1. How many topics are there in Chapter 3 of Class 12 Mathematics NCERT textbook?

Class 12 Mathematics Chapter 3 deals with Continuity and Differentiability. It is one of most of the important chapters in Class 12 Mathematics. Before studying the chapter, every student should go through all the topics and subtopics first.
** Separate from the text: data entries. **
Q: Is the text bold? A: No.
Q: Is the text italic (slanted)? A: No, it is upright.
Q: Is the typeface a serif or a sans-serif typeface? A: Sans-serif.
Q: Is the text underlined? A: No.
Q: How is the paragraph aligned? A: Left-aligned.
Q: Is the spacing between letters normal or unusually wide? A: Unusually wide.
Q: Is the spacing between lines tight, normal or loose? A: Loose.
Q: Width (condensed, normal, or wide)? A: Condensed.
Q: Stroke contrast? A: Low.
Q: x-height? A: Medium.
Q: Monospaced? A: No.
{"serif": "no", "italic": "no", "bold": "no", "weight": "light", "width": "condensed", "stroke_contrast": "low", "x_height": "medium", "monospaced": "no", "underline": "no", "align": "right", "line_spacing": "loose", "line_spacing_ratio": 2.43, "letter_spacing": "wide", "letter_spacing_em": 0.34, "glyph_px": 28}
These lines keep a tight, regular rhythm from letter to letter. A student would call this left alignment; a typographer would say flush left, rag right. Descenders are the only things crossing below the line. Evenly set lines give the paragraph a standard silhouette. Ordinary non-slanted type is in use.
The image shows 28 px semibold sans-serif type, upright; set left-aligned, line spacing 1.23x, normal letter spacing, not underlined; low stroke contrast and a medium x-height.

That is why we have given the topics and sub-topics of the chapter here - 5.1 Introduction, 5.2 Continuity, 5.2.1 Algebra of continuous functions, 5.3. Differentiability, 5.3.1 Derivatives of composite functions, 5.3.2 Derivatives of implicit functions, 5.3.3 Derivatives of inverse trigonometric functions, 5.4 Exponential and Logarithmic Functions, 5.5. Logarithmic Differentiation, 5.6 Derivatives of Functions in Parametric Forms, 5.7 Second Order Derivative, 5.8 Mean Value Theorem.
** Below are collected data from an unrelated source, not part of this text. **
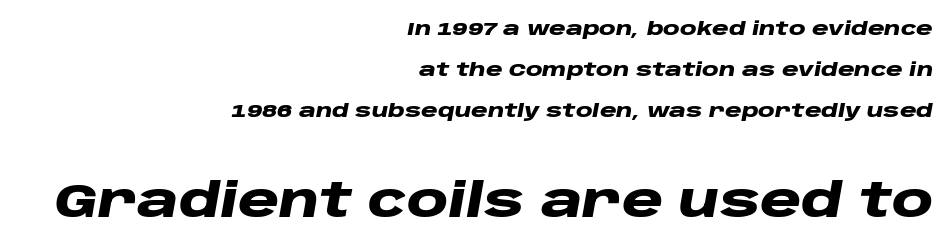
Character size in the trailing block exceeds that of the leading block. The rendering keeps characters at their native spacing. Varying glyph widths throughout — classic text-font behaviour. The letters are slanted; this is an italic face. Which margin do the lines hug? The right one — the left edge is uneven.
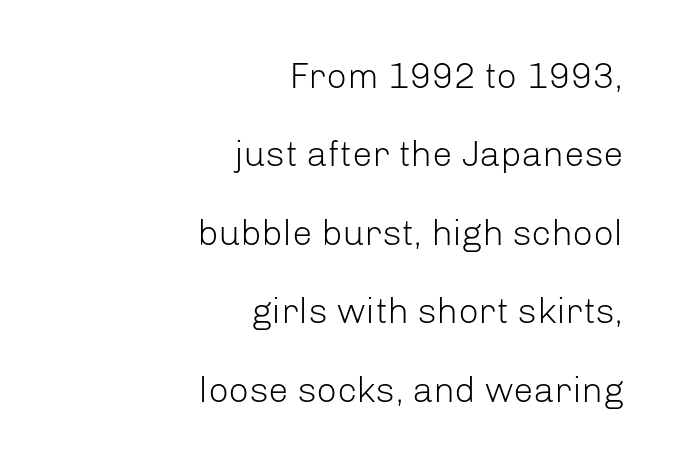
There is no visible air inserted between adjacent glyphs. Font category for this specimen: sans-serif. The typesetter chose a ragged-left arrangement here. Spacing verdict: proportional, widths tailored to each character.
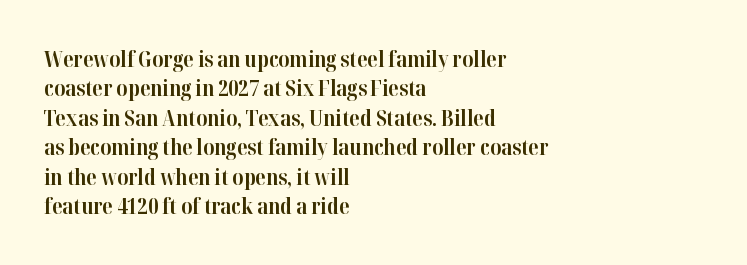
Posture: upright roman. Underlining? Definitely not there. Each line starts at the same left margin while the right side varies. Stroke thickness is high; the sample reads as a true bold. The block of text has a typical density, with ordinary space between rows.
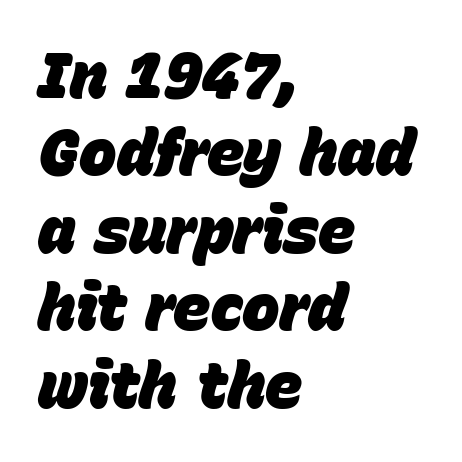
The image shows 63 px heavy type, italic (leaning right); set left-aligned, line spacing 1.23x, normal letter spacing, not underlined; low stroke contrast and a large x-height.
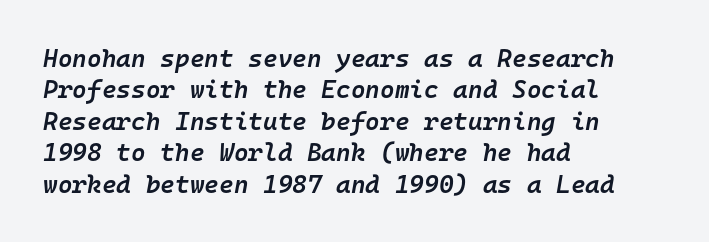
{"italic": "yes", "lean": "right", "slant_degrees": 10, "bold": "semi", "underline": "no", "align": "left", "line_spacing": "normal", "line_spacing_ratio": 1.26, "letter_spacing": "normal", "letter_spacing_em": 0.0, "glyph_px": 25}
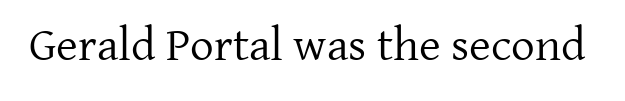
The image shows 47 px regular-weight serif type, upright; set normal letter spacing, not underlined; low stroke contrast and a medium x-height.
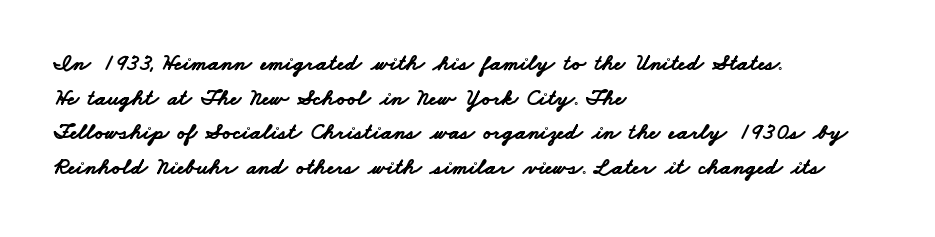
The image shows 23 px bold type; set left-aligned, normal line spacing (1.51x), normal letter spacing, not underlined.

2. Give me an overview of all the topics of Class 12 Mathematics Chapter 3.

A. Before you dig into the Class 12 Maths Chapter 3, you must learn a little about all the topics and sub-topics. 


5.1 – Introduction - You will study about the limit, differential, and continuity, their properties, methods to find derivatives by limits.


5.2 – Continuity- You will study about the continuity of a function at a given point i.e. a function is continuous if it is continuous on the whole of its domain, properties of a continuous function, types of discontinuity, intermediate value theorem, Cauchy’s definition, Heine’s definition.


5.3 – Differentiability- You will study about the concept of differentiability – it is the change of quantity with respect to another quantity, standard differentiation, fundamental rules, types of derivatives, the relationship between continuity and differentiability.


5.4 – Exponential and Logarithmic Functions- You will study the concept of exponential and logarithmic functions i.e. differentiation of the exponential function and differentiation of the logarithmic functions.


5.5 – Logarithmic Differentiation- You will study about logarithmic differentiation i.e. differentiation of the function in the form of a logarithm.


5.6 – Derivatives of Functions in Parametric Forms- You will study about derivatives of functions in parametric form.


5.7 – Second Order Derivative- You will study and learn to differentiate the functions of second and third-order.


5.8 – Mean Value Theorem- You will study about two fundamental results in calculus without proof, the geometric interpretation of theorems, Rolle’s Theorem, Mean Value Theorem. (Not present in current syllabus)

3. How many exercises are there in Class 12 Maths Chapter 3 NCERT book?

A. Class 1 Maths Chapter 3 has a total of eight exercises and each exercise consists of a bunch of questions of all types. 

  • EXERCISE 5.1 - 34 Questions

  • EXERCISE 5.2 - 10 Questions

  • EXERCISE 5.3 - 15 Questions 

  • EXERCISE 5.4 - 10 Questions

  • EXERCISE 5.5 - 18 Questions

  • EXERCISE 5.6 - 11 Questions

  • EXERCISE 5.7 - 17 Questions

  • EXERCISE 5.8 - 6 Questions

4. Why should I opt for Chapter 3 of Class 12 Mathematics NCERT Solutions?

A. There are several benefits for opting Chapter 3 of Class 12 Mathematics NCERT Solutions. Class 12 Mathematics Chapter 3 of NCERT Solutions are designed and created by the best subject matter experts from the relevant industry. All the topics covered in all the answers and each answer come with an in-depth explanation of every concept to make them understandable. These NCERT Solutions for Class 12 Chapter 3 Mathematics plays a crucial role in your preparation for various competitive exams apart from the board exams as well such as JEE Main, Olympiad etc. These solutions will be very helpful when you will study at home as per your own convenience.